Directions for this task => Copy every entry below verbatim, except for images.

Input records =>

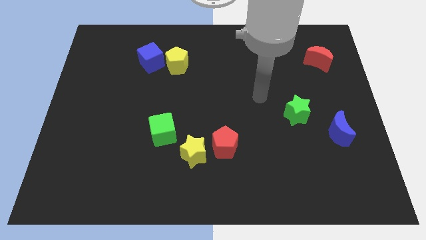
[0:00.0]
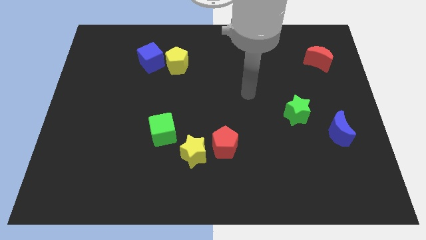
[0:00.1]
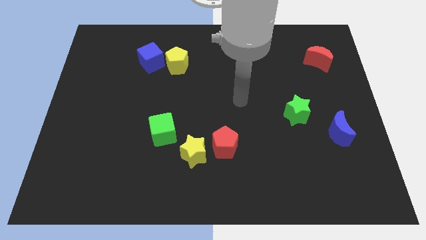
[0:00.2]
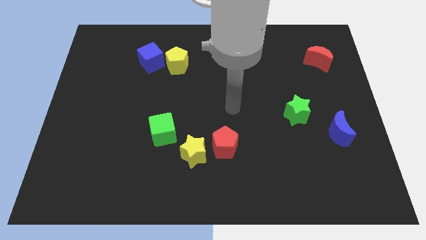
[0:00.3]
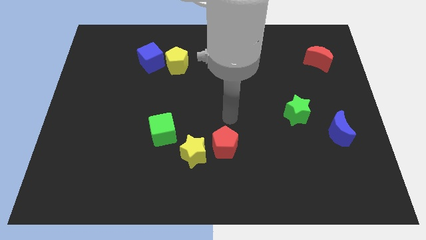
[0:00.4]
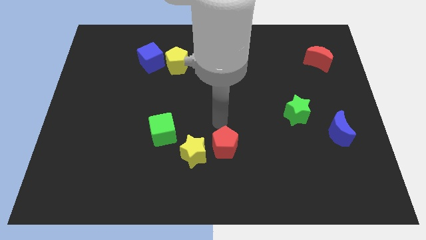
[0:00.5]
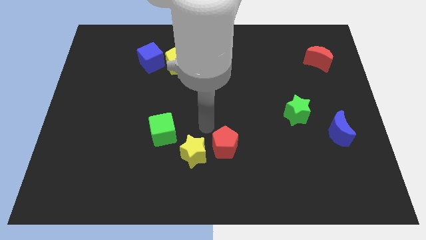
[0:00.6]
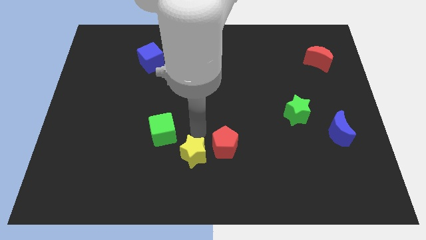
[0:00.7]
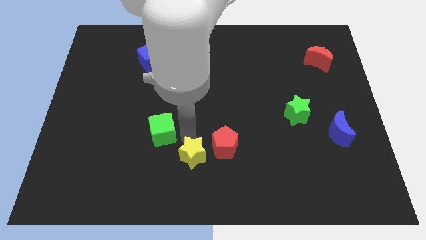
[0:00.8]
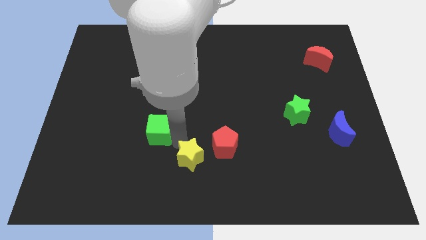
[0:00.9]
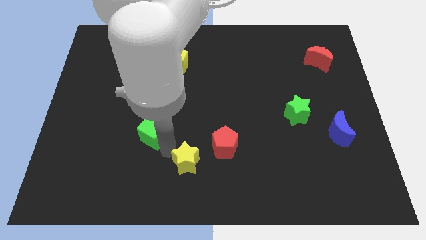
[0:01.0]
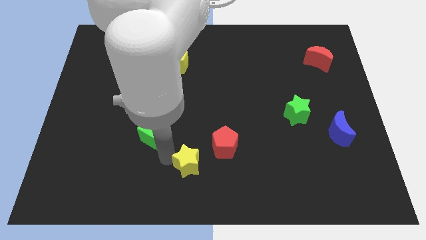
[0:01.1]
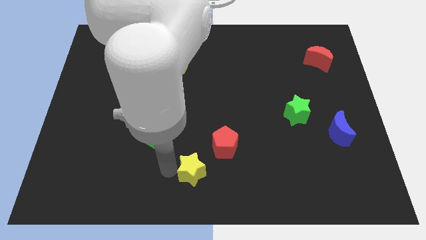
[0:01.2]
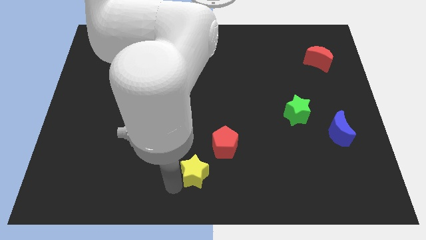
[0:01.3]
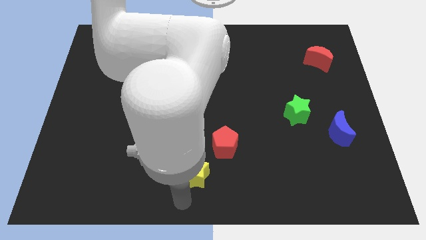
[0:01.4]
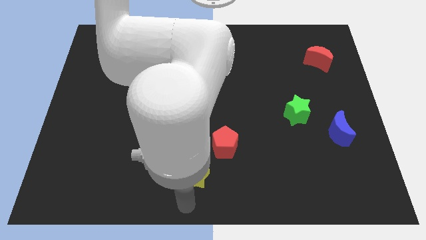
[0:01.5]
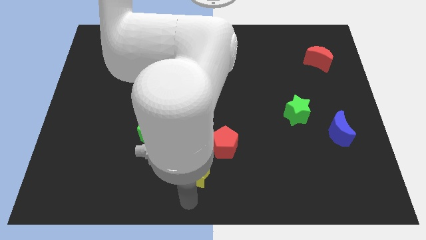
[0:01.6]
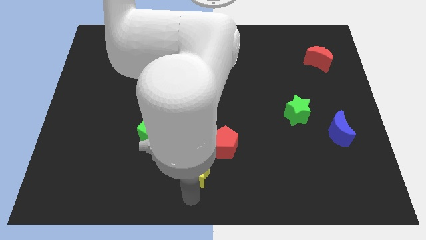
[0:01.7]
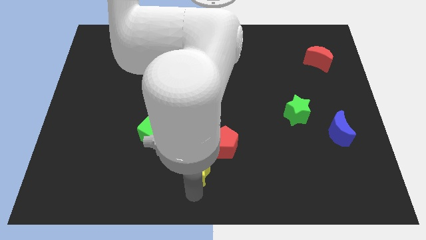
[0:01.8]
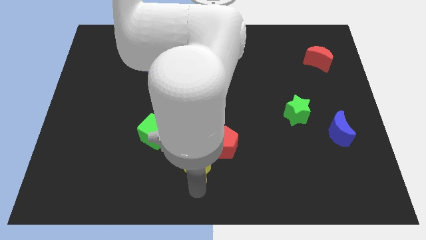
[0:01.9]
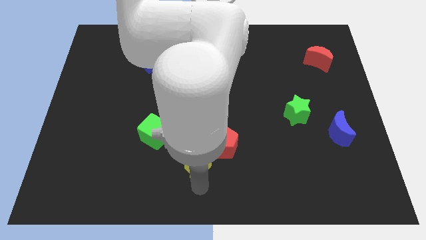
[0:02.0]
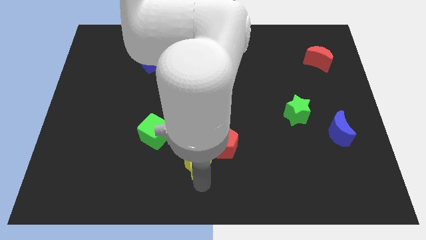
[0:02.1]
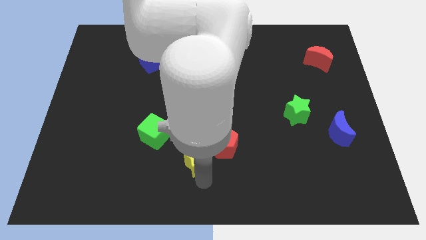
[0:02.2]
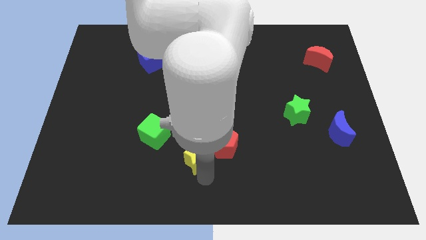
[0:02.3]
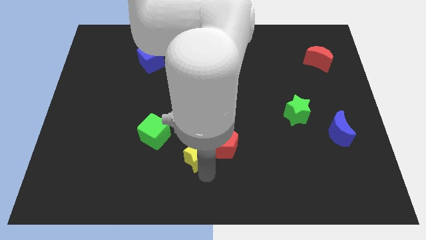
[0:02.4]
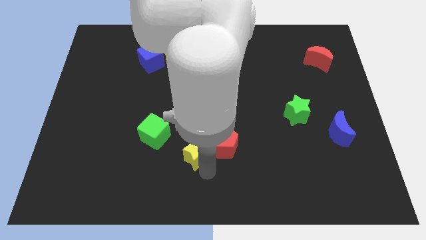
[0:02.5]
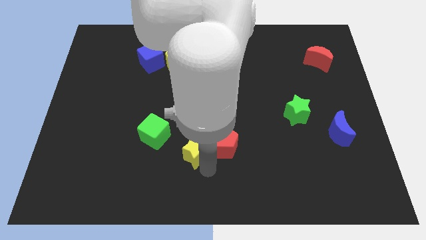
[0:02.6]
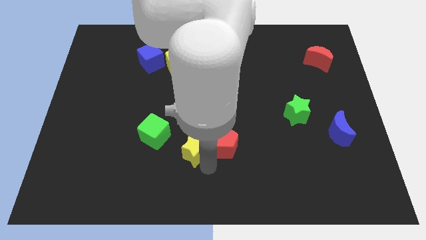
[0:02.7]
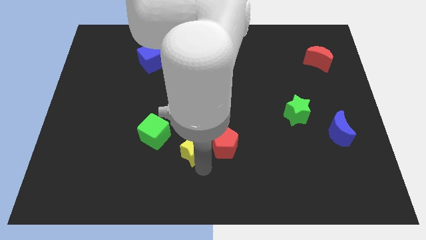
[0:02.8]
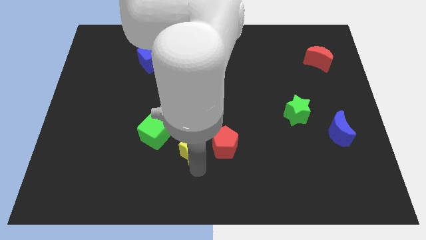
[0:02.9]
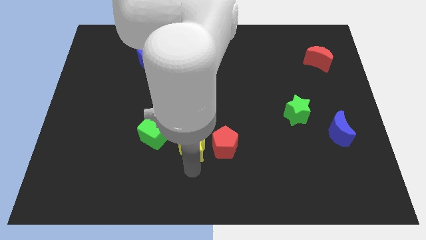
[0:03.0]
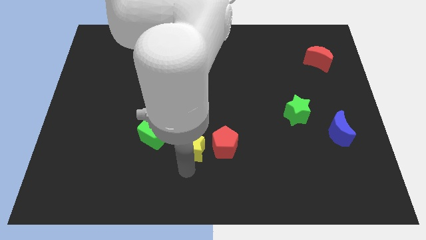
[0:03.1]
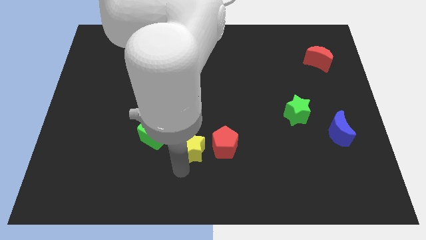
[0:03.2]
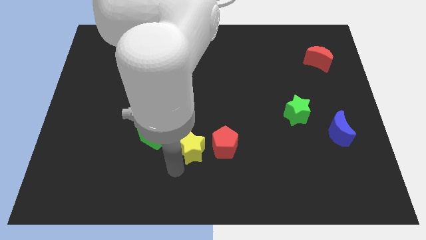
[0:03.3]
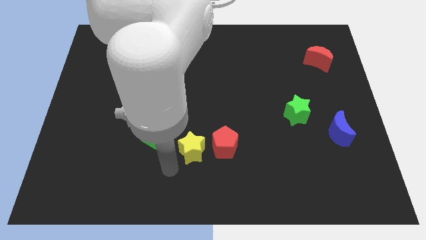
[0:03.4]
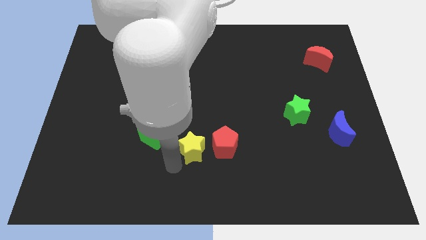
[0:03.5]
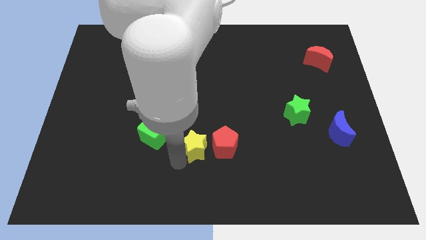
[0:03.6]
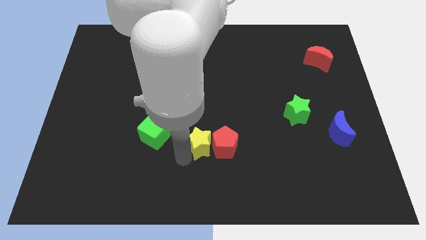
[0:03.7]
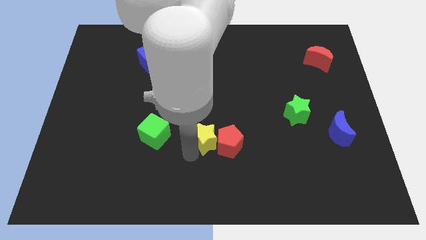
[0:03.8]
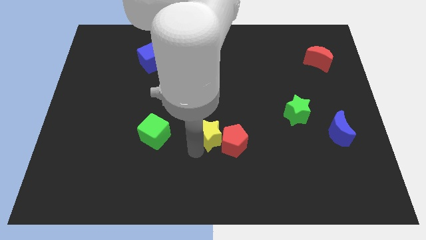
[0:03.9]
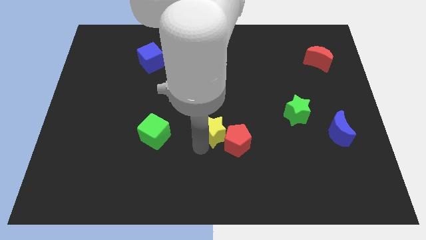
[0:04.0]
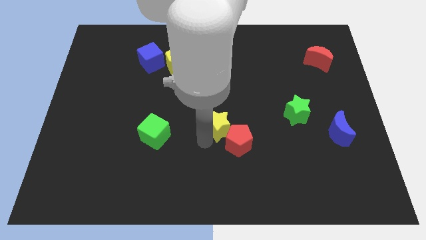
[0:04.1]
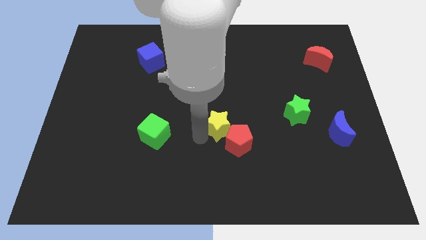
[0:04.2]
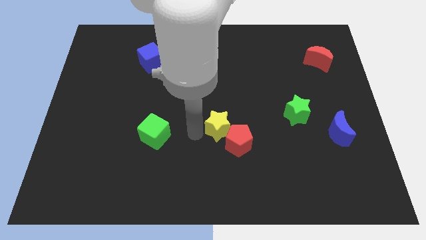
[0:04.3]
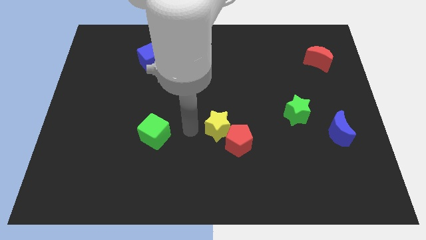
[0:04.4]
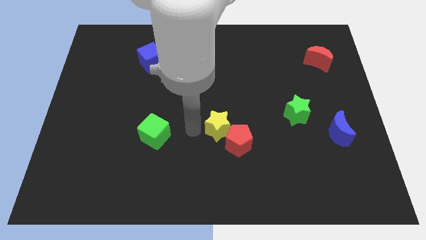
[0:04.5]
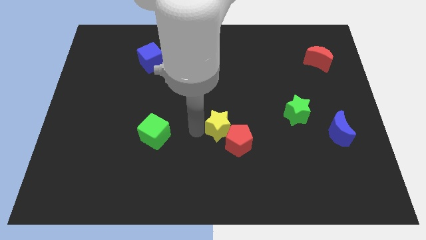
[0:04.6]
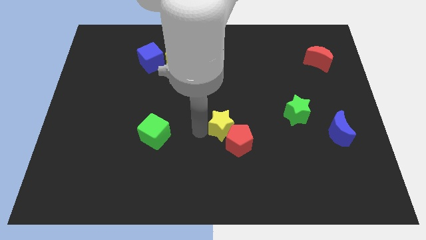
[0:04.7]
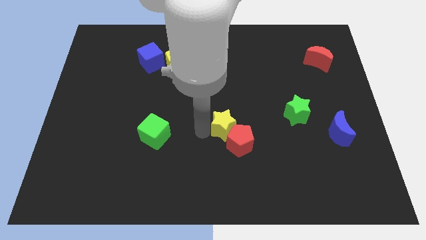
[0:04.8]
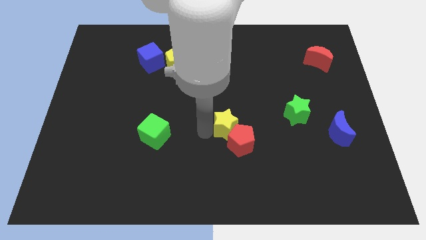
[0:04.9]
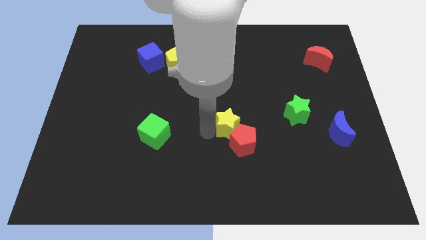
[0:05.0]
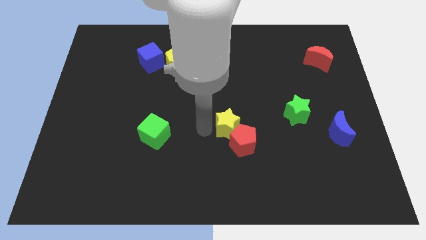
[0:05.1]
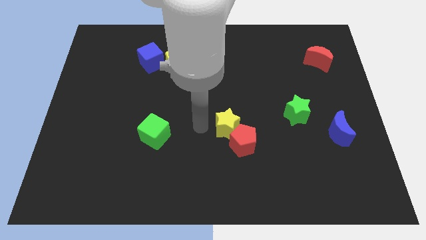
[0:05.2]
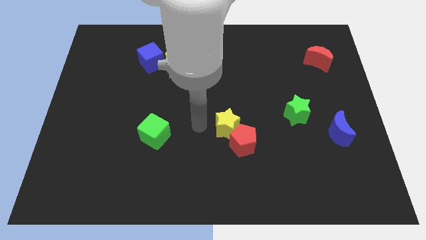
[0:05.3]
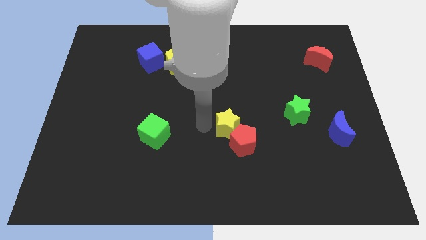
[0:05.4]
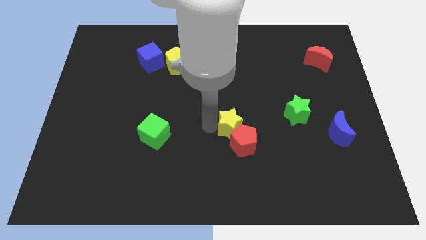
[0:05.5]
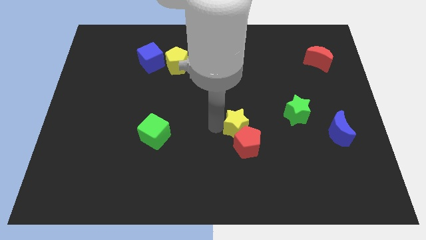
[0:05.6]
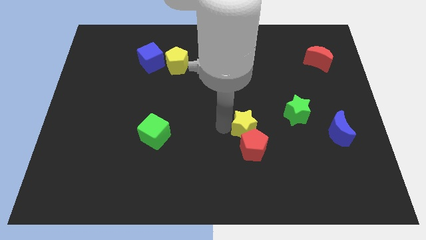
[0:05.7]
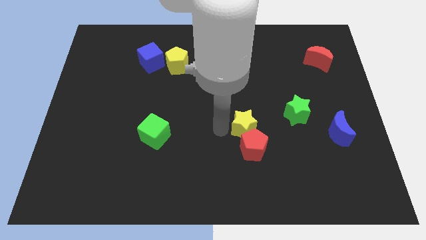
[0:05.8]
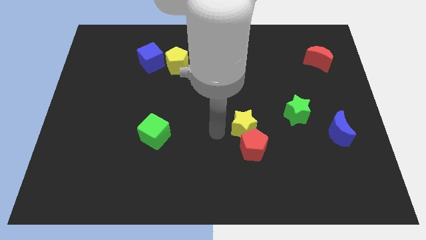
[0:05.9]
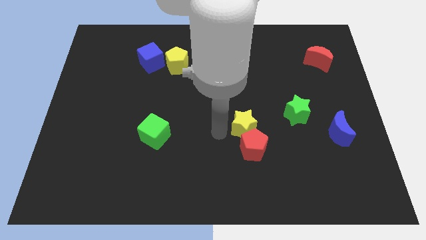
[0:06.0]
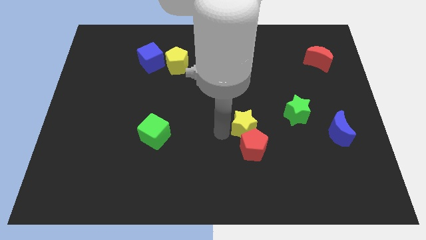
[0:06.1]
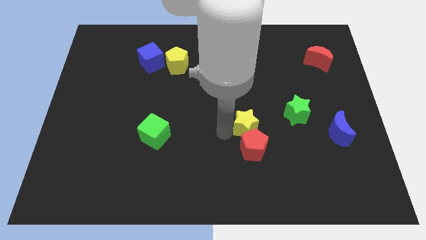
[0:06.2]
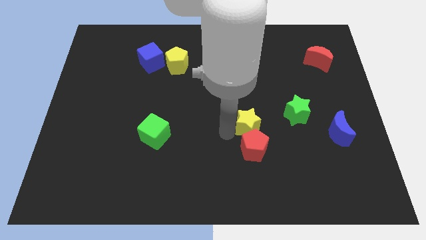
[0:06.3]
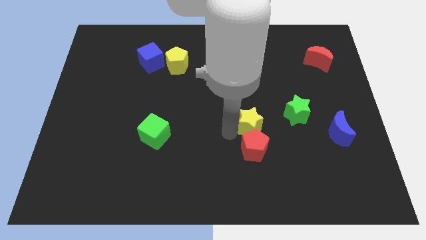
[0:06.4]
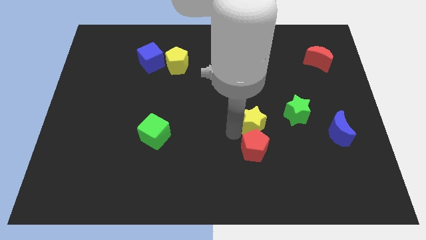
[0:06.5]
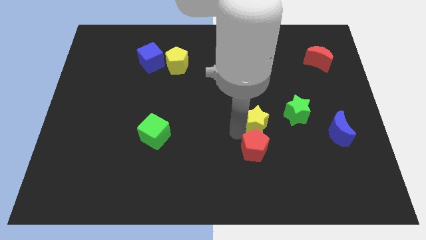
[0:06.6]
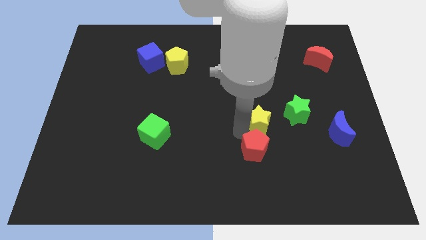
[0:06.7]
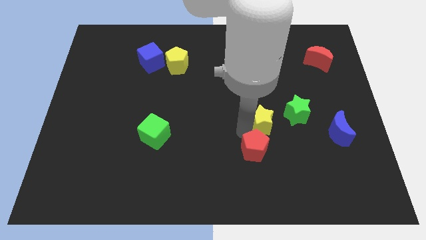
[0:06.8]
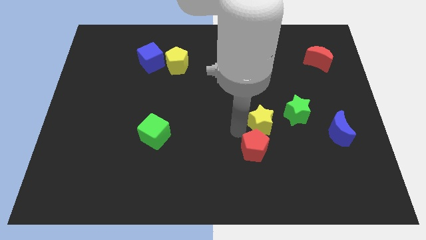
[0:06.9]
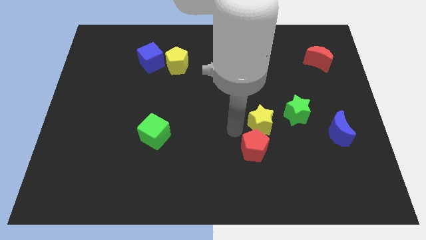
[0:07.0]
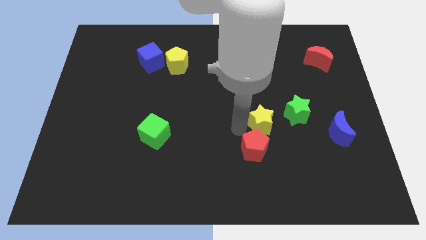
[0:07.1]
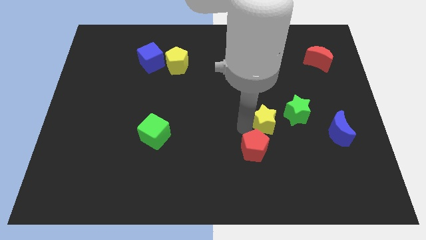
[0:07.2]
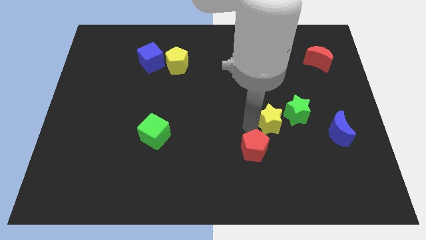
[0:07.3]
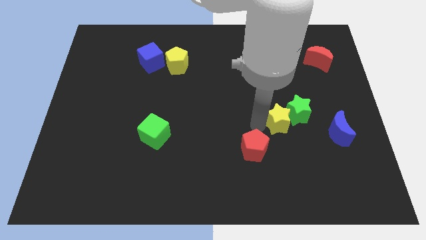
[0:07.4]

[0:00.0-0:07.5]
push the yellow star next to the green star

Solution to the exercise =>
[0:00.0]
[0:00.1]
[0:00.2]
[0:00.3]
[0:00.4]
[0:00.5]
[0:00.6]
[0:00.7]
[0:00.8]
[0:00.9]
[0:01.0]
[0:01.1]
[0:01.2]
[0:01.3]
[0:01.4]
[0:01.5]
[0:01.6]
[0:01.7]
[0:01.8]
[0:01.9]
[0:02.0]
[0:02.1]
[0:02.2]
[0:02.3]
[0:02.4]
[0:02.5]
[0:02.6]
[0:02.7]
[0:02.8]
[0:02.9]
[0:03.0]
[0:03.1]
[0:03.2]
[0:03.3]
[0:03.4]
[0:03.5]
[0:03.6]
[0:03.7]
[0:03.8]
[0:03.9]
[0:04.0]
[0:04.1]
[0:04.2]
[0:04.3]
[0:04.4]
[0:04.5]
[0:04.6]
[0:04.7]
[0:04.8]
[0:04.9]
[0:05.0]
[0:05.1]
[0:05.2]
[0:05.3]
[0:05.4]
[0:05.5]
[0:05.6]
[0:05.7]
[0:05.8]
[0:05.9]
[0:06.0]
[0:06.1]
[0:06.2]
[0:06.3]
[0:06.4]
[0:06.5]
[0:06.6]
[0:06.7]
[0:06.8]
[0:06.9]
[0:07.0]
[0:07.1]
[0:07.2]
[0:07.3]
[0:07.4]

[0:00.0-0:07.5]
push the yellow star next to the green star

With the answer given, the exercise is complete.